The DM ECG method can be referred to as the ECG micro-change recording method. This method is a relatively new non-invasive way of looking at myocardial electrical instability. The amplitude of the micro-changes can be twice as small as the amplitude of the conventional ECG waves.18 One of the assessments in the DM ECG is the MMI. MMI, as previously described, reflects abnormalities in the myocardium at the metabolic rate, which may include ischemia and other causes by detecting micro-alterations in the electrical properties of the heart [6]. In ischemic cardiomyopathy, both structural and electrical remodeling occur.
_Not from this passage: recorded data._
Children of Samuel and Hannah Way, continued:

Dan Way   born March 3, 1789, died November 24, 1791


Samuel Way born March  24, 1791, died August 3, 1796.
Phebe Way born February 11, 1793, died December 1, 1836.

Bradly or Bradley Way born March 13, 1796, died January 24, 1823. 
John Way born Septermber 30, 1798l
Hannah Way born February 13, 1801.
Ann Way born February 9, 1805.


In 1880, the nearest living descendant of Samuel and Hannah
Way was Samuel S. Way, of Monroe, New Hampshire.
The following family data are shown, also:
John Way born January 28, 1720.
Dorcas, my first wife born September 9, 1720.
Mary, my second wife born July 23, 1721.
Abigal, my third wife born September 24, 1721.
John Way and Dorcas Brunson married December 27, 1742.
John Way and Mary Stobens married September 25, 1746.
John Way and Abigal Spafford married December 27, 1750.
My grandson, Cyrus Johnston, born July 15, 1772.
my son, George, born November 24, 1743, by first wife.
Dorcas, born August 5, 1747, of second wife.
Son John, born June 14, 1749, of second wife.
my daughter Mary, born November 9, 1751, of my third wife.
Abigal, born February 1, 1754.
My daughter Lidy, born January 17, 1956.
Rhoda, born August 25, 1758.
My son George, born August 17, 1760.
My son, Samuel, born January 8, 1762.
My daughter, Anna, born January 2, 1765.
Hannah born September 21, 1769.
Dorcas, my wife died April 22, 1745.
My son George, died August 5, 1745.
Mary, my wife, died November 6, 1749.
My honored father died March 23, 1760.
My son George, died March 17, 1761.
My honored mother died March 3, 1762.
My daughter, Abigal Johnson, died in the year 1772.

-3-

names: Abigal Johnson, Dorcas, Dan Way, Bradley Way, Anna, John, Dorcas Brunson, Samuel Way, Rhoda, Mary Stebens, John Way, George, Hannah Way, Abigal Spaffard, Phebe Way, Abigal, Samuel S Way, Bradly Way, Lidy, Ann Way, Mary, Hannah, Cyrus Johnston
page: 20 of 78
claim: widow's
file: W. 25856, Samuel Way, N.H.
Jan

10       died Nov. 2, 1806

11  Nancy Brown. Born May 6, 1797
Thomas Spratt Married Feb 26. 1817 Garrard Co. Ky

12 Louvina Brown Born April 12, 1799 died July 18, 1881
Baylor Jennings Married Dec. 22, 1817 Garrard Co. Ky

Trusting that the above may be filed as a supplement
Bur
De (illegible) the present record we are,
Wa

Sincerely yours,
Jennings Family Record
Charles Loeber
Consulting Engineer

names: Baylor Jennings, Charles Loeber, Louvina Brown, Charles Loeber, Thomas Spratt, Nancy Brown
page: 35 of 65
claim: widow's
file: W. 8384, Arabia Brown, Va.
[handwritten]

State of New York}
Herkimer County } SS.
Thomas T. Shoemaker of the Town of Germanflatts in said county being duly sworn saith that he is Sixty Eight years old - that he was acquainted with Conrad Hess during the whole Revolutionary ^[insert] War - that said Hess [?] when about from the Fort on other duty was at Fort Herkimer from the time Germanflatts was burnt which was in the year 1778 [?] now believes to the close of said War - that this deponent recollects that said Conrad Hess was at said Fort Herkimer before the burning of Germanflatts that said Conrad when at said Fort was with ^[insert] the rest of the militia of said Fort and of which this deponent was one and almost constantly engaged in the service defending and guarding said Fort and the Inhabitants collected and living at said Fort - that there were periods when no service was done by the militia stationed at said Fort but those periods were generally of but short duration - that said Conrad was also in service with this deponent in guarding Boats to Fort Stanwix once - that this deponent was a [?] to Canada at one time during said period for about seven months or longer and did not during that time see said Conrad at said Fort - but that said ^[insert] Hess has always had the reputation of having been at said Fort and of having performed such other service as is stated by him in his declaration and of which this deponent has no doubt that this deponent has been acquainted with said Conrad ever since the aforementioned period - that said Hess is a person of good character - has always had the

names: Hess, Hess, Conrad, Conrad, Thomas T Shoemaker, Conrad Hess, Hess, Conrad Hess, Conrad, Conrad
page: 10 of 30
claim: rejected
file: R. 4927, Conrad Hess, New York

Structural remodeling is characterized by an increase in sST2, whereas electrical remodeling is characterized by changes in MMI. This study found that MMI was significantly correlated with sST2, indicating that there was a correlation between structural and electrical remodeling in ischemic cardiomyopathy. The MMI examination has the advantage of being easy to use and the results obtained are already in the form of numbers, providing a more objective interpretation than other ECG parameters that are operator dependent. The finding of this study may provide evidence for the use of MMI as an effective modality in the risk stratification of patients with ischemic cardiomyopathy. Further studies with larger sample sizes are needed to assess the feasibility of MMI as a risk stratification modality for patients with ischemic cardiomyopathy.